Problem to work on: Where a line of the data below has the string "fill", copy that line.

==========

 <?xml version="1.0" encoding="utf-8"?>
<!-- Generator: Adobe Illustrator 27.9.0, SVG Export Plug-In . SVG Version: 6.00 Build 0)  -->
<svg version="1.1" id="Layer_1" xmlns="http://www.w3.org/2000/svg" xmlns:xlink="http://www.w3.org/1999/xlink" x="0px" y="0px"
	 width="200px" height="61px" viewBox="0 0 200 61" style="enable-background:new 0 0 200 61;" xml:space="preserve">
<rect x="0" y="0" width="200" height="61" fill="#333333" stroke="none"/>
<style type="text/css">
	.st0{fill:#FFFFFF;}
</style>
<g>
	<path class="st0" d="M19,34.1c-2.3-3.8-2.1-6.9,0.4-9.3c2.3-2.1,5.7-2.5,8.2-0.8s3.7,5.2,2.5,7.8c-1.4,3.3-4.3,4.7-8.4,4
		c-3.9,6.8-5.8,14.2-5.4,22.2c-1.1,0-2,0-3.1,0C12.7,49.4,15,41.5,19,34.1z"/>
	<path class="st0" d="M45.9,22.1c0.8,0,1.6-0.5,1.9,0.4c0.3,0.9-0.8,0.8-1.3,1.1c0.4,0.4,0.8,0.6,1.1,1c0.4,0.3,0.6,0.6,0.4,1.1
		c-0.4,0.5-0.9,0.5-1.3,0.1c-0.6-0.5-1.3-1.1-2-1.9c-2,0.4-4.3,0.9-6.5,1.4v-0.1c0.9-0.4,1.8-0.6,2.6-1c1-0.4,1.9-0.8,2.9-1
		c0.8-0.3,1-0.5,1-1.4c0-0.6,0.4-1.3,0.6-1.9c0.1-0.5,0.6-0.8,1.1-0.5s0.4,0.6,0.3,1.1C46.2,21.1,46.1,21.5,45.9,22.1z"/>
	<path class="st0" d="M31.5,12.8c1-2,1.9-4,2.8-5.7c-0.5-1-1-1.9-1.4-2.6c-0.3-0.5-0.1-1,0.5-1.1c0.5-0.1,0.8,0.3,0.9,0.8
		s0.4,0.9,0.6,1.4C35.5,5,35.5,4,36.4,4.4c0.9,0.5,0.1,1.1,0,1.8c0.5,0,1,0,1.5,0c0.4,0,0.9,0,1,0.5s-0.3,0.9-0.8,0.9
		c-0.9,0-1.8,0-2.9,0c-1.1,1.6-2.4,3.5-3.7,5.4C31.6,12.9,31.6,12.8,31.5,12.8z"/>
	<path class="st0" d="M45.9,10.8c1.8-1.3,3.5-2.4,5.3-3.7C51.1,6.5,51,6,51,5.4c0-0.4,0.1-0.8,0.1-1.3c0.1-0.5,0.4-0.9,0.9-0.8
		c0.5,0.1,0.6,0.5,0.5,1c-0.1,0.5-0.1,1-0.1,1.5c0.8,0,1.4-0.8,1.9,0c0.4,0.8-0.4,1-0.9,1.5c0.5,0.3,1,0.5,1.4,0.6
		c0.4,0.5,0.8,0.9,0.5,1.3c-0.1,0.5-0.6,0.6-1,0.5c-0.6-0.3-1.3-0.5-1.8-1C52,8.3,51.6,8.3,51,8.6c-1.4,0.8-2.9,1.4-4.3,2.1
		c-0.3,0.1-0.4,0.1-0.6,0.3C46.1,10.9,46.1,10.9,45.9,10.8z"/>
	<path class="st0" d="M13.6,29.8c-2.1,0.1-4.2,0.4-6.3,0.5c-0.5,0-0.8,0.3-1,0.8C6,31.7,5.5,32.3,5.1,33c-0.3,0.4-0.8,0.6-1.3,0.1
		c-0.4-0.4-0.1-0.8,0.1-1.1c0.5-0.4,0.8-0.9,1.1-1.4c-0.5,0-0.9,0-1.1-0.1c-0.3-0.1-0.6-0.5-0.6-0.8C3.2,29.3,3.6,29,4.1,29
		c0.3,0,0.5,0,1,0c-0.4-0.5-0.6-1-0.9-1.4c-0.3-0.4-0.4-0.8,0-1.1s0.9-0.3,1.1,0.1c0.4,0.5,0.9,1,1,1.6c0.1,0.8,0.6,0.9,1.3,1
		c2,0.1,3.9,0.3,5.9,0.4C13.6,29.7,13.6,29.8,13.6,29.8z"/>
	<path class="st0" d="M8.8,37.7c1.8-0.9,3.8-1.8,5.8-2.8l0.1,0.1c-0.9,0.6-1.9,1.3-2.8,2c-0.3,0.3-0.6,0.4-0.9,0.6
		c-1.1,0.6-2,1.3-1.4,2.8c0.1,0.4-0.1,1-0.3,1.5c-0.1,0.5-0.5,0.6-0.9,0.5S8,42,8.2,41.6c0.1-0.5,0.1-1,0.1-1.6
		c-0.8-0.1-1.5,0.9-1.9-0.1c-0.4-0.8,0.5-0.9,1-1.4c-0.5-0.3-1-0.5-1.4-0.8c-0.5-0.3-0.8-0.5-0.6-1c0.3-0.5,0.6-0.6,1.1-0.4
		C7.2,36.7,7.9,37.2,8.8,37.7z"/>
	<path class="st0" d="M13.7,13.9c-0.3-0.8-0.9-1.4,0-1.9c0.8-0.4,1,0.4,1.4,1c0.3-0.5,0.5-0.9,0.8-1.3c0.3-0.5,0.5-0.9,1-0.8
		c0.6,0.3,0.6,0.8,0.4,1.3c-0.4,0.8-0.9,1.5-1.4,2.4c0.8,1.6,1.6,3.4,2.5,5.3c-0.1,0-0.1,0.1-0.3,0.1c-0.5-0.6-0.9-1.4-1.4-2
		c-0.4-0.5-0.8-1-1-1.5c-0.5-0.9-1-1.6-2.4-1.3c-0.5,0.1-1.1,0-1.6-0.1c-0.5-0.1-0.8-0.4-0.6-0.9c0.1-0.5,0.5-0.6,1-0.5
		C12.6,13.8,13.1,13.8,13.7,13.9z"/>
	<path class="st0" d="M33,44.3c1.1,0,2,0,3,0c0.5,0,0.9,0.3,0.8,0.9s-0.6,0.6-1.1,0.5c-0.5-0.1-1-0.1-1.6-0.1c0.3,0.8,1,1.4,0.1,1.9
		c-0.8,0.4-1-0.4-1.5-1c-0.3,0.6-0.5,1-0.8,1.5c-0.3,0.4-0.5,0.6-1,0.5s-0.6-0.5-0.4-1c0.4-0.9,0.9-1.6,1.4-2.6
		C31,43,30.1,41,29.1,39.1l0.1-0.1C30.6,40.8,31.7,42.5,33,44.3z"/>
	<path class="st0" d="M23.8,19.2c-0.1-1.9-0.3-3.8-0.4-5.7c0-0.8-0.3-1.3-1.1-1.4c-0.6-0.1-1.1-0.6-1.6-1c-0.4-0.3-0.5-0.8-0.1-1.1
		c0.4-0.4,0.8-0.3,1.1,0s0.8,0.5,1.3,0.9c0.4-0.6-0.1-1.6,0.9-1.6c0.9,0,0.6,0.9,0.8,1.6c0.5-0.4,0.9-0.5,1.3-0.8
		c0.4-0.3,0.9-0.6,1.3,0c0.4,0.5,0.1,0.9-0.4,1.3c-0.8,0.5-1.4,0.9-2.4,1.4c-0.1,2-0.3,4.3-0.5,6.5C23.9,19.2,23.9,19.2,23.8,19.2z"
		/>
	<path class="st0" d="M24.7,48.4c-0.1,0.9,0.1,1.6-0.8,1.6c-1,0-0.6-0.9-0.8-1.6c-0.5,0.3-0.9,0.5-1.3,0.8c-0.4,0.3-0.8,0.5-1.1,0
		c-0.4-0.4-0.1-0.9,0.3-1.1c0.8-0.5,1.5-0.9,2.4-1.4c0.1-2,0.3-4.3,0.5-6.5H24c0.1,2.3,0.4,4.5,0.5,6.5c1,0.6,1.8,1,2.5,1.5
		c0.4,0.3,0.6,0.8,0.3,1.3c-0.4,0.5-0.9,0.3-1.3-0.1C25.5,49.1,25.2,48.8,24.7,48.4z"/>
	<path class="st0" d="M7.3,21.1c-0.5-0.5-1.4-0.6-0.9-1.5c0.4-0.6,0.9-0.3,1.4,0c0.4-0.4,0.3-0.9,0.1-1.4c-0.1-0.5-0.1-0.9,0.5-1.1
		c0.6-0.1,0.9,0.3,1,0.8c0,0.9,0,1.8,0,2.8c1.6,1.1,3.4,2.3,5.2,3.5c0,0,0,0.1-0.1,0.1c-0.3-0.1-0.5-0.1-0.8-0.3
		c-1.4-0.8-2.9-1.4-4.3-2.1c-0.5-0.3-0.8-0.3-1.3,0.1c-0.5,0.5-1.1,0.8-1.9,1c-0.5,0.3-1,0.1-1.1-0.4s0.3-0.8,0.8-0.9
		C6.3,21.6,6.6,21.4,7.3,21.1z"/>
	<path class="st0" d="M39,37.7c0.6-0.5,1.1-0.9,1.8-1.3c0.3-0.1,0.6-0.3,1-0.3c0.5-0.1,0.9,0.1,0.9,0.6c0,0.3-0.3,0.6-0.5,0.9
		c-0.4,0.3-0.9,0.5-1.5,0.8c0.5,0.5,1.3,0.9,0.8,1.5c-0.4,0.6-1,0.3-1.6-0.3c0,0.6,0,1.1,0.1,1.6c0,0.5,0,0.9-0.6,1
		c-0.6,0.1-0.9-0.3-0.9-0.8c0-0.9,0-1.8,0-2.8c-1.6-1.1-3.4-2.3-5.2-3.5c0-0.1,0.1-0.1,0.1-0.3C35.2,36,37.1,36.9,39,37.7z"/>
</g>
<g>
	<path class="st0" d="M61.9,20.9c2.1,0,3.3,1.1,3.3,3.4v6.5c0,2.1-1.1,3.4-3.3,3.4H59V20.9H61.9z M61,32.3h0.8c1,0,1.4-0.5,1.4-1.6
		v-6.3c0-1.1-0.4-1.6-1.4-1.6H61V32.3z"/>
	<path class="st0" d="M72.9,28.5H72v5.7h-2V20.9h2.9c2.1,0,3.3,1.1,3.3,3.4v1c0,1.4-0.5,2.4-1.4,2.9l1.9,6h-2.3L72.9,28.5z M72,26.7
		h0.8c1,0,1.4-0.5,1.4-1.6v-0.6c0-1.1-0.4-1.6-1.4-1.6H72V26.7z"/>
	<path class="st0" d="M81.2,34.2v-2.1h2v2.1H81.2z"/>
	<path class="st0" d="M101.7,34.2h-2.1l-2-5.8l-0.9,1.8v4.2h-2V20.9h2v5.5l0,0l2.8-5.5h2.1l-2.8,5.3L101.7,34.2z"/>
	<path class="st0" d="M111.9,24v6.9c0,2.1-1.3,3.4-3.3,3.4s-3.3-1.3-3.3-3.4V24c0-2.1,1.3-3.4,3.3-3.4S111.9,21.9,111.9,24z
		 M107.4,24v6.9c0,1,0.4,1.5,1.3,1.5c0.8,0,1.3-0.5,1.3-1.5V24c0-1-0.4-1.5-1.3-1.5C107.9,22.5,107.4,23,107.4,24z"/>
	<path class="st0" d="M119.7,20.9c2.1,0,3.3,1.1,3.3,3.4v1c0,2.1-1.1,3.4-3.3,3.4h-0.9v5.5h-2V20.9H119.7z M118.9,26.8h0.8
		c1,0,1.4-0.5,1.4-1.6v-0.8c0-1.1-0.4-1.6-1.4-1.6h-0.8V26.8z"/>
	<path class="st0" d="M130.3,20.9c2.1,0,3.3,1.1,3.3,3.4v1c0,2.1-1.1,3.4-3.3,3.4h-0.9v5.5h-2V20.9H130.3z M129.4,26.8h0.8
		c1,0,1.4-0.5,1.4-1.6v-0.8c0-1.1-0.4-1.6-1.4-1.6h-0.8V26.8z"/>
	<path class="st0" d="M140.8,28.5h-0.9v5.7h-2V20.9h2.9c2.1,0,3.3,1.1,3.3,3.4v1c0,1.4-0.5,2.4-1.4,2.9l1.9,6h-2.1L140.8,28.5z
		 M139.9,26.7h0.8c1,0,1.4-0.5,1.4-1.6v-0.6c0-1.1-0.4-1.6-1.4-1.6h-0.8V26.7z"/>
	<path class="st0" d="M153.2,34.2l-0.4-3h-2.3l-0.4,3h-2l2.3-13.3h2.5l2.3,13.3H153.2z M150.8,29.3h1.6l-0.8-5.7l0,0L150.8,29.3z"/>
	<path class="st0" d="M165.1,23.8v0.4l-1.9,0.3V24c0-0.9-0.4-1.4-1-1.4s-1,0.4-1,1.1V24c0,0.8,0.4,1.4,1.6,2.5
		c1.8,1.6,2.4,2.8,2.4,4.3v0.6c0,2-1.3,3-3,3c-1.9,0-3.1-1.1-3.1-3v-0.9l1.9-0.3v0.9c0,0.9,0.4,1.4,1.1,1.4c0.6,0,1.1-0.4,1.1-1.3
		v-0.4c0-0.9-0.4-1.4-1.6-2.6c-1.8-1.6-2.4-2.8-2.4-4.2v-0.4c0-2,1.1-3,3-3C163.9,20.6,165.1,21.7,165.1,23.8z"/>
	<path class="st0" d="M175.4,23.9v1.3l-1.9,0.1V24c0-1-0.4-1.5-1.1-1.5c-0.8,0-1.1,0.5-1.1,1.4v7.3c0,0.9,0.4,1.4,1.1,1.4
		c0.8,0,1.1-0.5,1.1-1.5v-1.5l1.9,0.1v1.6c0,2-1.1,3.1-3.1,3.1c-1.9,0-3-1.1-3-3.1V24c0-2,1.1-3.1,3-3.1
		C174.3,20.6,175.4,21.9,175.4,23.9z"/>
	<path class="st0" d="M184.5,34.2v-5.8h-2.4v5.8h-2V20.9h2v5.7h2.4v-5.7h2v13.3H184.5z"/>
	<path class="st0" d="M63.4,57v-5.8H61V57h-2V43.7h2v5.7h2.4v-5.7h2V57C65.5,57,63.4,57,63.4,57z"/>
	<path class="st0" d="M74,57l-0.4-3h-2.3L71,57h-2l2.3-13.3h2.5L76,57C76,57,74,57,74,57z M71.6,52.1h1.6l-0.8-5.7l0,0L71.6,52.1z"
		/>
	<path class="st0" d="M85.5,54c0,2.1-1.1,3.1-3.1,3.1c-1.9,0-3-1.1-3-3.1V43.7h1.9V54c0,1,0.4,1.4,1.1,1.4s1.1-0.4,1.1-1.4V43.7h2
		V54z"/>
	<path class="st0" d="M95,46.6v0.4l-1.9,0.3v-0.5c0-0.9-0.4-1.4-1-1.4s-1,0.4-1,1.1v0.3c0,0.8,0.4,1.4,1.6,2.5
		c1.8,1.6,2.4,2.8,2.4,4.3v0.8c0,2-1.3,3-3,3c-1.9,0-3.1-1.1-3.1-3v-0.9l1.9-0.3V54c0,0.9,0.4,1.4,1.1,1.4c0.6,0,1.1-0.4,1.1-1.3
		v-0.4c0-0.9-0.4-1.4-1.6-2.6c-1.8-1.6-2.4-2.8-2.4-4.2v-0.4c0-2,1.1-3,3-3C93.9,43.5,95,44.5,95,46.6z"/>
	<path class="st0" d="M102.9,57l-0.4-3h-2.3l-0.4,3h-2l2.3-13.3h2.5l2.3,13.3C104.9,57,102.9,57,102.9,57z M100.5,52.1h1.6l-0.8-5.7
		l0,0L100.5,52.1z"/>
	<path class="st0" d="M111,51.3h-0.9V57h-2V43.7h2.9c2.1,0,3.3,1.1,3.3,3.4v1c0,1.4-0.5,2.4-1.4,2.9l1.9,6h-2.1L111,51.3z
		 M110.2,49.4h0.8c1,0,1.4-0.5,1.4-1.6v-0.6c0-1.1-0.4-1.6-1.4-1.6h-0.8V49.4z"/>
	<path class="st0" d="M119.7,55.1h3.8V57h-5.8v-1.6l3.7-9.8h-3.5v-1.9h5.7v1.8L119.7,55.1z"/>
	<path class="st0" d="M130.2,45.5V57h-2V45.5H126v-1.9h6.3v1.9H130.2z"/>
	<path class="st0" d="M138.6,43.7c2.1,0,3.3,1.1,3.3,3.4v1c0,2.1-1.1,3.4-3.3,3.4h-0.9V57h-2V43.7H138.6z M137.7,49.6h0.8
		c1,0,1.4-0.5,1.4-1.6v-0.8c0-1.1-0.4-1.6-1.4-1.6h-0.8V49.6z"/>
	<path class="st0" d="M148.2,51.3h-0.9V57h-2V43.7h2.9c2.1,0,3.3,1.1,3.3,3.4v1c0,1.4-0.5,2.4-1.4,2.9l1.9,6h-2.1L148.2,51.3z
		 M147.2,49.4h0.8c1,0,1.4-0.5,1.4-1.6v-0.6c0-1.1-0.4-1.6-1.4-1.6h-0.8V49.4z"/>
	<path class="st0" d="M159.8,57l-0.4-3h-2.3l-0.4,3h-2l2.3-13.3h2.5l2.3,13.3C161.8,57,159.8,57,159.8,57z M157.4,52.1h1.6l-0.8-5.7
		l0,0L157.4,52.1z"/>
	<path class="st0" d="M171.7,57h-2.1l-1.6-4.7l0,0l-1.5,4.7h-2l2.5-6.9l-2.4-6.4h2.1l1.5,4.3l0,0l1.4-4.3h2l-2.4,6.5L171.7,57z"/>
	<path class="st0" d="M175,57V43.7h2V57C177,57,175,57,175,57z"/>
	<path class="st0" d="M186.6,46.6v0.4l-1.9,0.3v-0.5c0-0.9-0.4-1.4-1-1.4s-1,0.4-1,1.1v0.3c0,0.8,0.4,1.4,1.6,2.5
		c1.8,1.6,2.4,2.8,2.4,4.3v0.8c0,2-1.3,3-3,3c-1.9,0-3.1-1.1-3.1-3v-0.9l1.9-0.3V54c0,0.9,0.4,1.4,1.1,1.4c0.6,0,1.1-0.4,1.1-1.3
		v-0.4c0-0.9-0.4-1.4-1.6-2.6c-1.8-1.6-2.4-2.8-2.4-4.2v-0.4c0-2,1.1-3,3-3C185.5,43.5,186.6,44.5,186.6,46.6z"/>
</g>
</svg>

==========

Answer:
<rect x="0" y="0" width="200" height="61" fill="#333333" stroke="none"/>
	.st0{fill:#FFFFFF;}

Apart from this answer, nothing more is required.